**** INPUT MATERIAL ****

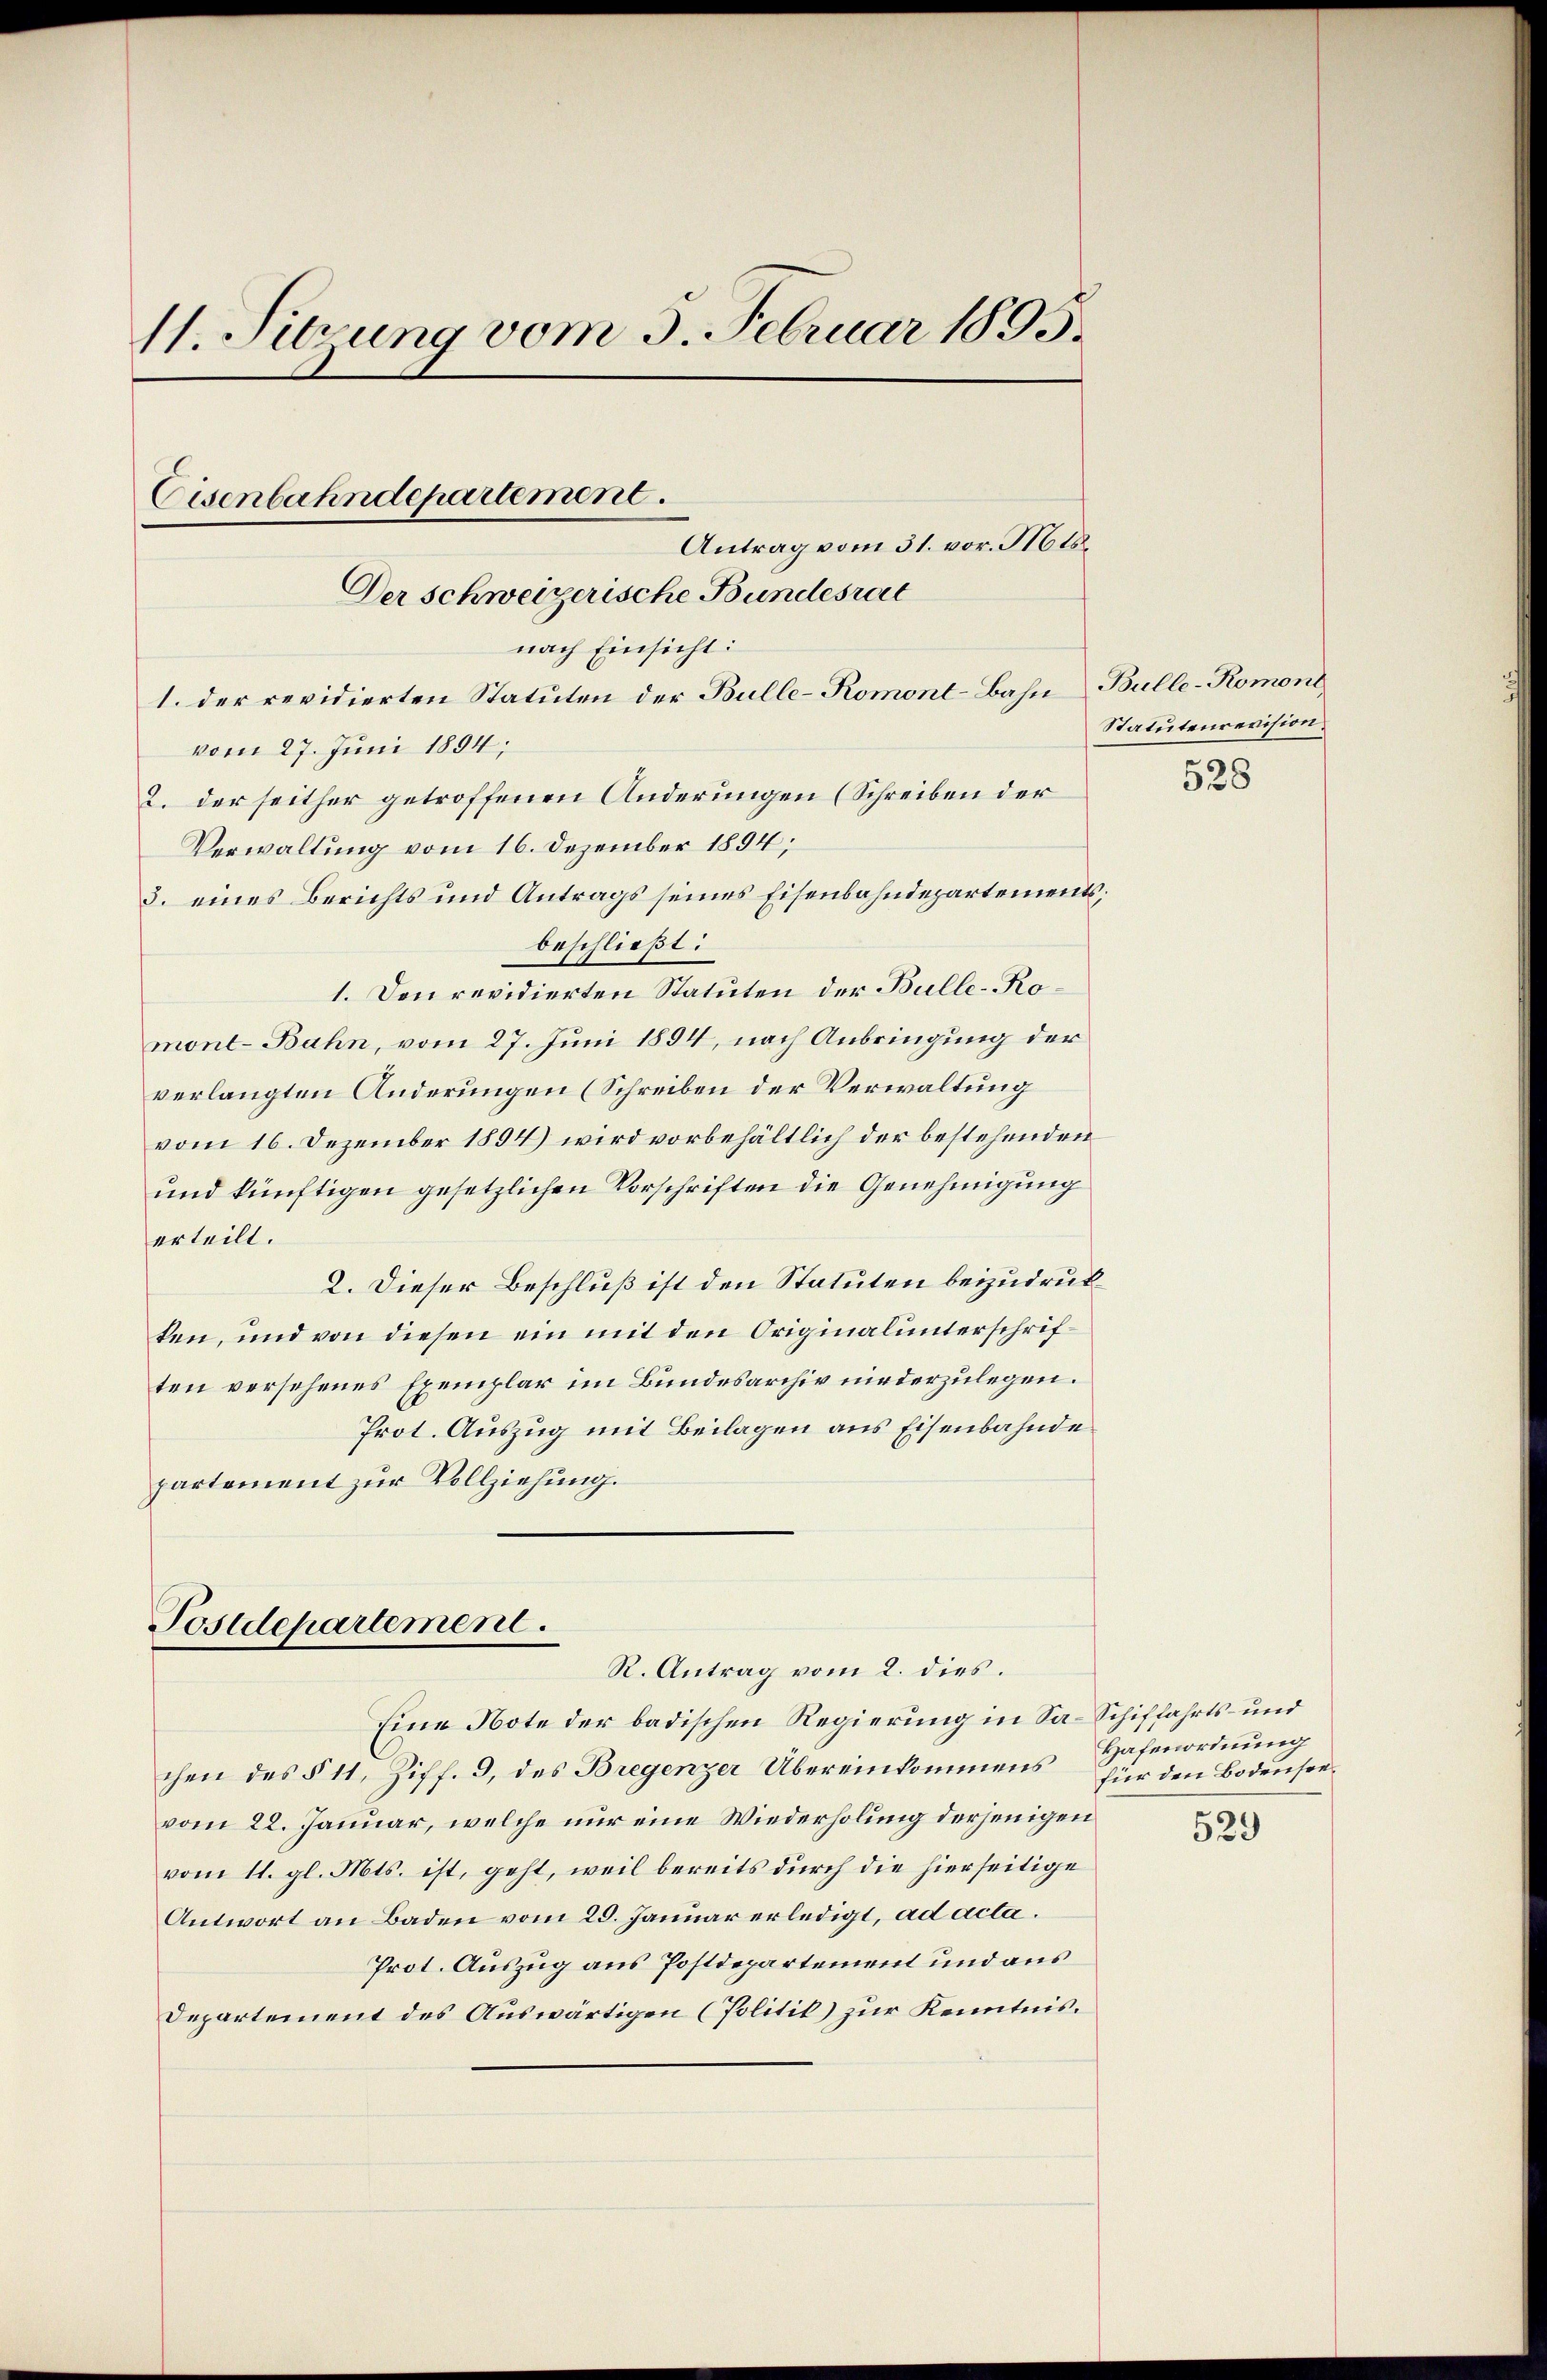
1. Sitzung vom 3. Februar 1895.
Cisenbahndepartement.
Antrag vom 31. vor. Mts.
Der schweizerische Bundesrat

nach Einsicht:
1. der revidierten Statuten der Bulle-Romont-Bahn Bulle-Romont
vom 27. Juni 1894;
2. der seither getroffenen Änderungen (Schreiben der
Verwaltung vom 16. Dezember 1894;
3. eines Berichts und Antrags seines Eisenbahndepartements,
beschließt:
1. Den revidierten Statuten der Bulle-Romont-Bahn, vom 27. Juni 1894, nach Anbringung der
verlangten Änderungen (Schreiben der Verwaltung
vom 16. Dezember 1894) wird vorbehältlich der bestehenden
und künftigen gesetzlichen Vorschriften die Genehmigung
erteilt.
2. Dieser Beschluß ist den Statuten beizudrukken, und von diesen ein mit den Originalunterschriften versehenes Exemplar im Bundesarchiv niederzulegen.
Prot. Auszug mit Beilagen aus Eisenbahnde.
partement zur Vollziehung.

Postdepartement.
R. Antrag vom 2. dies.

Eine Note der badischen Regierung in Sa-Schiffahrts- und
chen des § 11, Ziff. 9, des Bregenzer Übereinkommens Hafenordnung
vom 22. Januar, welche nur eine Wiederholung derjenigen
vom 11. gl. Mts. ist, geht, weil bereits durch die hierseitige
Antwort an Baden vom 29. Januar erledigt, ad acta.
Prot. Auszug aus Postdepartement und aus
Departement des Auswärtigen (Politik) zur Kenntnis.

Statutenrevision.

528

für den Bodensee¬
529
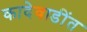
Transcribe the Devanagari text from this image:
कादेवाडींत
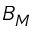
B _ { M }
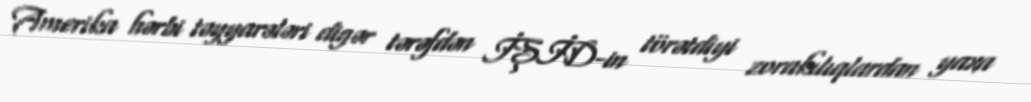
Amerika hərbi təyyarələri digər tərəfdən İŞİD-in törətdiyi zorakılıqlardan yaxa
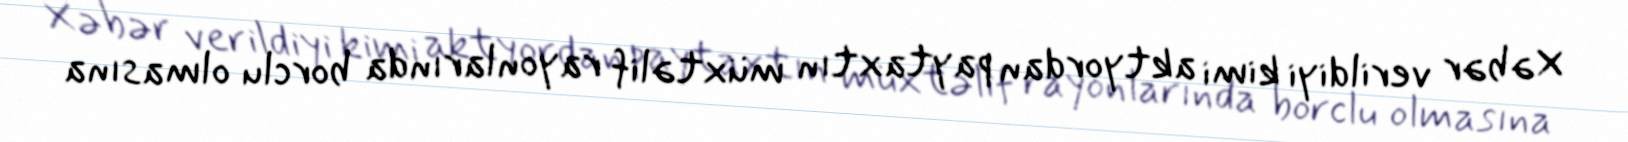
Xəbər verildiyi kimi aktyordan paytaxtın müxtəlif rayonlarında borclu olmasına
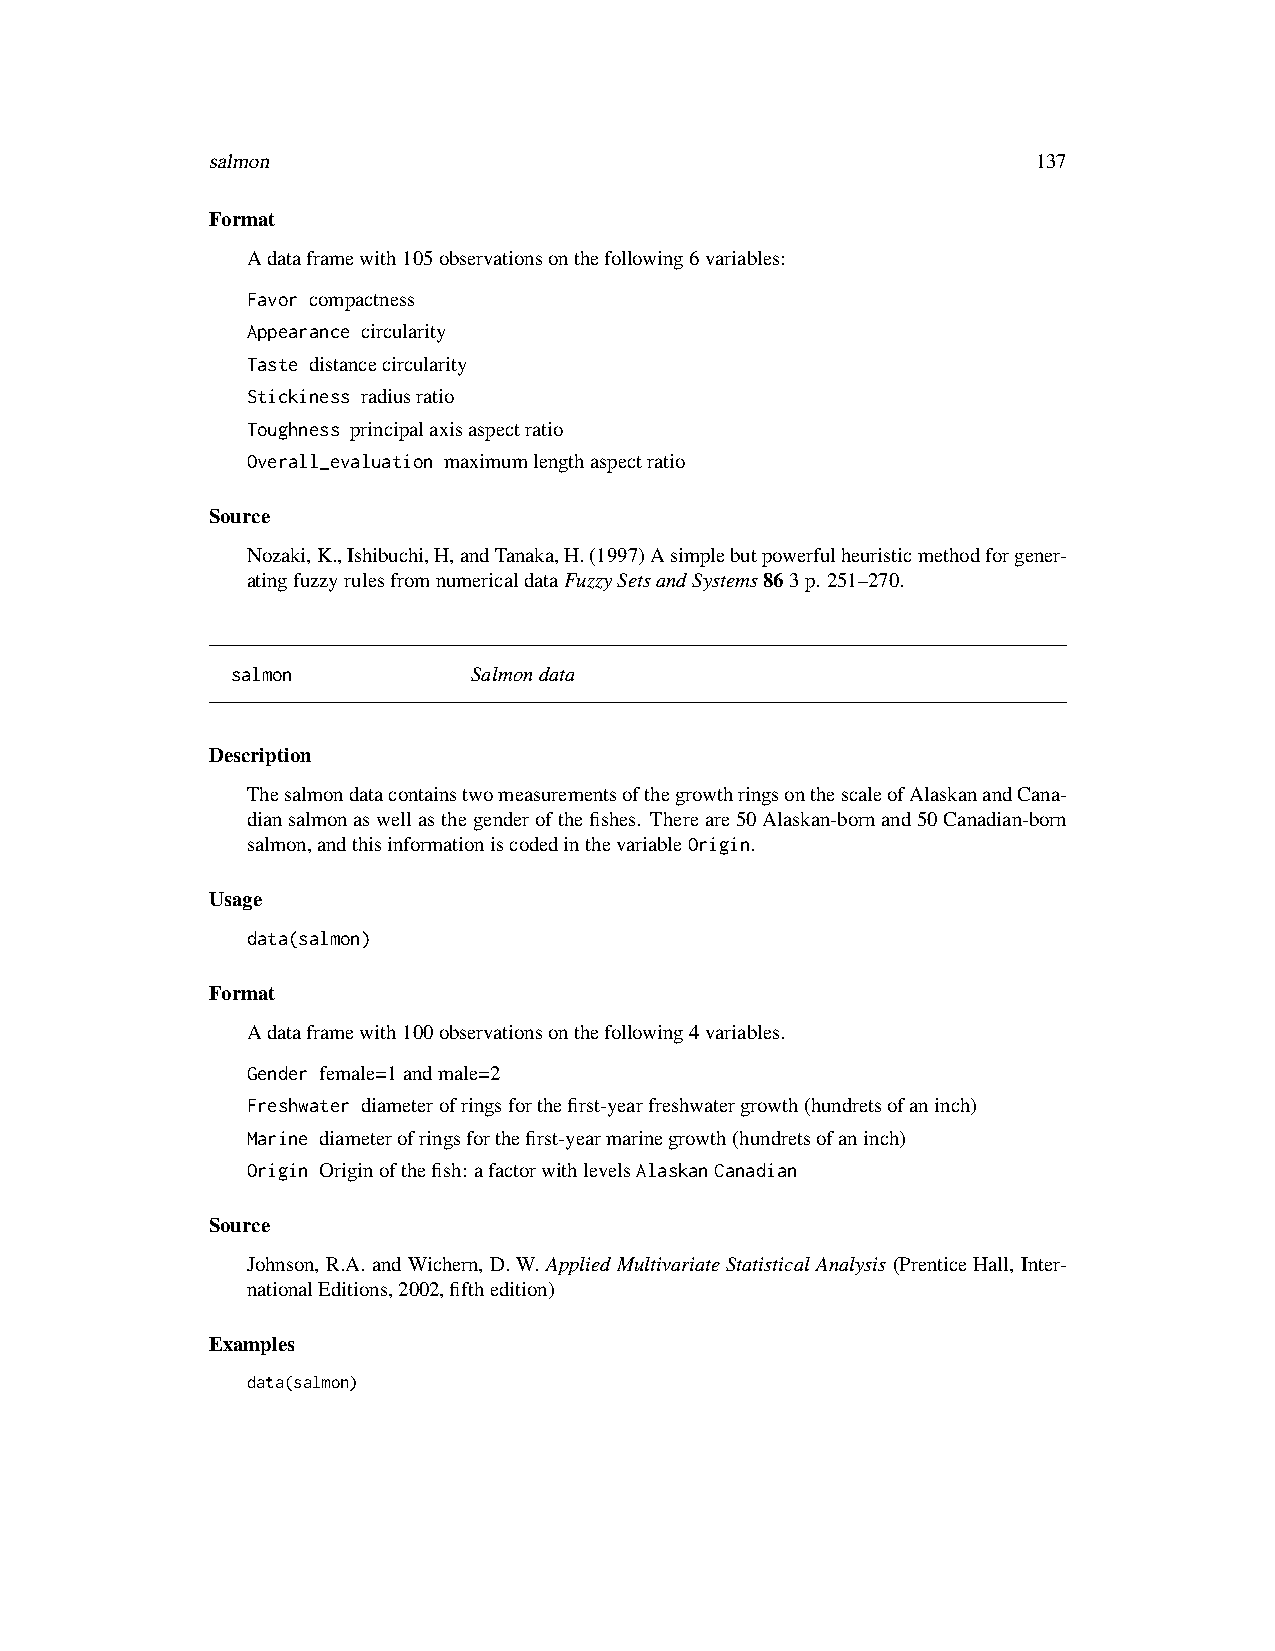
salmon                                                 137
 Format
 Adataframewith105observationsonthefollowing6variables:
 Favor compactness
 Appearance circularity
 Taste distancecircularity
 Stickiness radiusratio
 Toughness principalaxisaspectratio
 Overall_evaluation maximumlengthaspectratio
 Source
 Nozaki,K.,Ishibuchi,H,andTanaka,H.(1997)Asimplebutpowerfulheuristicmethodforgener-
 atingfuzzyrulesfromnumericaldataFuzzySetsandSystems863p. 251–270.
 salmon          Salmondata
 Description
 ThesalmondatacontainstwomeasurementsofthegrowthringsonthescaleofAlaskanandCana-
 diansalmonaswellasthegenderofthefishes. Thereare50Alaskan-bornand50Canadian-born
 salmon,andthisinformationiscodedinthevariableOrigin.
 Usage
 data(salmon)
 Format
 Adataframewith100observationsonthefollowing4variables.
 Gender female=1andmale=2
 Freshwater diameterofringsforthefirst-yearfreshwatergrowth(hundretsofaninch)
 Marine diameterofringsforthefirst-yearmarinegrowth(hundretsofaninch)
 Origin Originofthefish: afactorwithlevelsAlaskanCanadian
 Source
 Johnson, R.A.andWichern, D.W.AppliedMultivariateStatisticalAnalysis(PrenticeHall, Inter-
 nationalEditions,2002,fifthedition)
 Examples
 data(salmon)
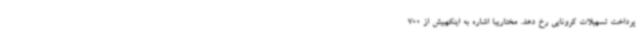
پرداخت تسهیلات کرونایی رخ دهد. مختاریبا اشاره به اینکهبیش از 700
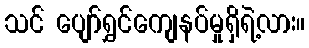
သင် ပျော်ရွှင်ကျေနပ်မှုရှိရဲ့လား။
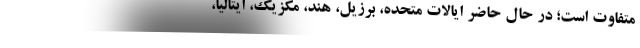
متفاوت است؛ در حال حاضر ایالات متحده، برزیل، هند، مکزیک، ایتالیا،
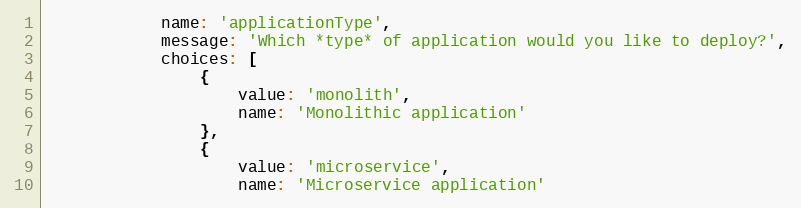
Language: JavaScript
            name: 'applicationType',
            message: 'Which *type* of application would you like to deploy?',
            choices: [
                {
                    value: 'monolith',
                    name: 'Monolithic application'
                },
                {
                    value: 'microservice',
                    name: 'Microservice application'
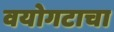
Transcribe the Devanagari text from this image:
वयोगटाचा
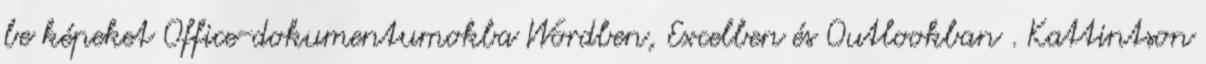
be képeket Office-dokumentumokba Wordben, Excelben és Outlookban . Kattintson
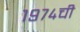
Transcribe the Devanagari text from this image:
१९७४ची
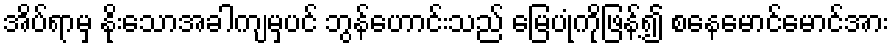
အိပ်ရာမှ နိုးသောအခါကျမှပင် ဘွန်ဟောင်းသည် မြေပုံကိုဖြန့်၍ စနေမောင်မောင်အား
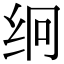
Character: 䌹
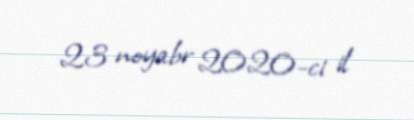
23 noyabr 2020-ci il
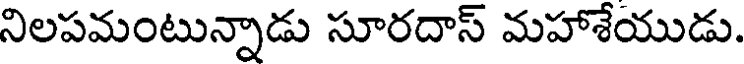
నిలపమంటున్నాడు సూరదాస్ మహాశేయుడు.
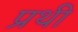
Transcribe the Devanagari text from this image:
प्रथी
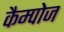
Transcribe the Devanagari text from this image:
कैम्पोज
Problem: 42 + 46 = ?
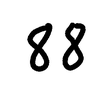
Handwritten answer: 88
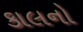
કાલનો
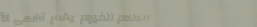
مطعم الفيوم يقدم أشهى الأ
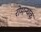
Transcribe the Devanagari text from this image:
रोमन्थक
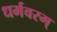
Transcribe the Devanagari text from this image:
धर्मवरम्
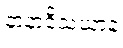
နာနာဝိသယာနံ
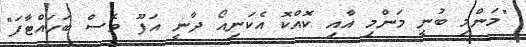
"މަންމި ބުނީ މަންމި އާއި ކޮއްކޮ އެކަނިއޯ ދާނީ އަފޫ ވެސް ބަހައްޓާފަ"
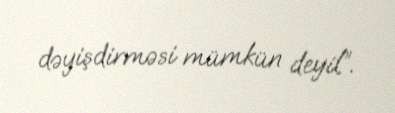
dəyişdirməsi mümkün deyil”.
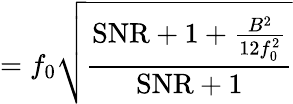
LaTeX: =f_{0}{\sqrt{\frac{\mathrm{SNR}+1+{\frac{B^{2}}{12f_{0}^{2}}}}{\mathrm{SNR}+1}}}
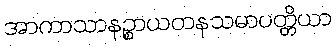
အာကာသာနဉ္စာယတနသမာပတ္တိယာ
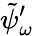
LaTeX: \tilde{\psi}_{\omega}^{\prime}
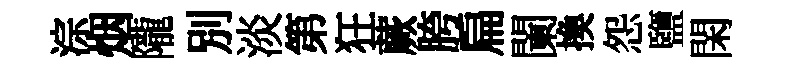
淙烟隴別淡第狂蕨胯扁闌換怨鹽閑
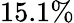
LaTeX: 15.1\%
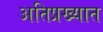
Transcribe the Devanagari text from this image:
अतिप्रख्यात
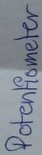
Text: Potentiometer
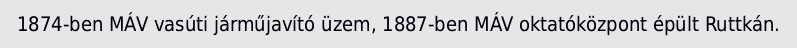
1874-ben MÁV vasúti járműjavító üzem, 1887-ben MÁV oktatóközpont épült Ruttkán.
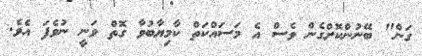
ގަން" ބޭނުންކޮށްގެން ވެސް އެ މަސައްކަތް ކާމިޔާބުވާ ގޮތް ވަނީ ނުވެފަ އެވެ.
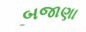
બજાણા
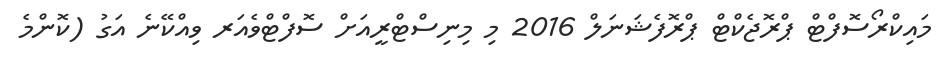
މައިކްރޯސޮފްޓް ޕްރޮޖެކްޓް ޕްރޮފެޝަނަލް 2016 މި މިނިސްޓްރީއަށް ސޮފްޓްވެއަރ ވިއްކޭނެ އަގު (ކޮންމެ
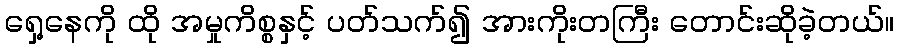
ရှေ့နေကို ထို အမှုကိစ္စနှင့် ပတ်သက်၍ အားကိုးတကြီး တောင်းဆိုခဲ့တယ်။
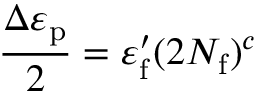
{ \frac { \Delta \varepsilon _ { \mathrm { p } } } { 2 } } = \varepsilon _ { \mathrm { f } } ^ { \prime } ( 2 N _ { \mathrm { f } } ) ^ { c }
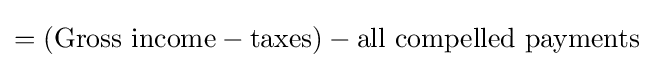
=({\text{Gross income}}-{\text{taxes}})-{\text{all compelled payments}}
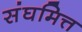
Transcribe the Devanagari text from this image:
संघमित्त
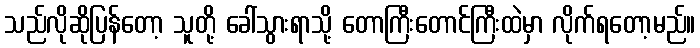
သည်လိုဆိုပြန်တော့ သူတို့ ခေါ်သွားရာသို့ တောကြီးတောင်ကြီးထဲမှာ လိုက်ရတော့မည်။
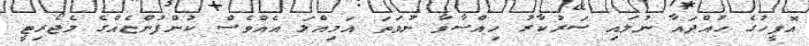
އޮފީހުގެ ހުއްދައާ ނުލައި ސަރުކާރު ހިއްސާވާ ނުވަތަ އަމިއްލަ އެއްވެސް ކުންފުންޏެއްގެ މެޖޯރިޓީ

****

◆ **WORK INSTRUCTION**
Tally the lines in the records that hold the word "LaTeX". Give only the total.

◆ **SOLUTION TO THIS EXERCISE**
3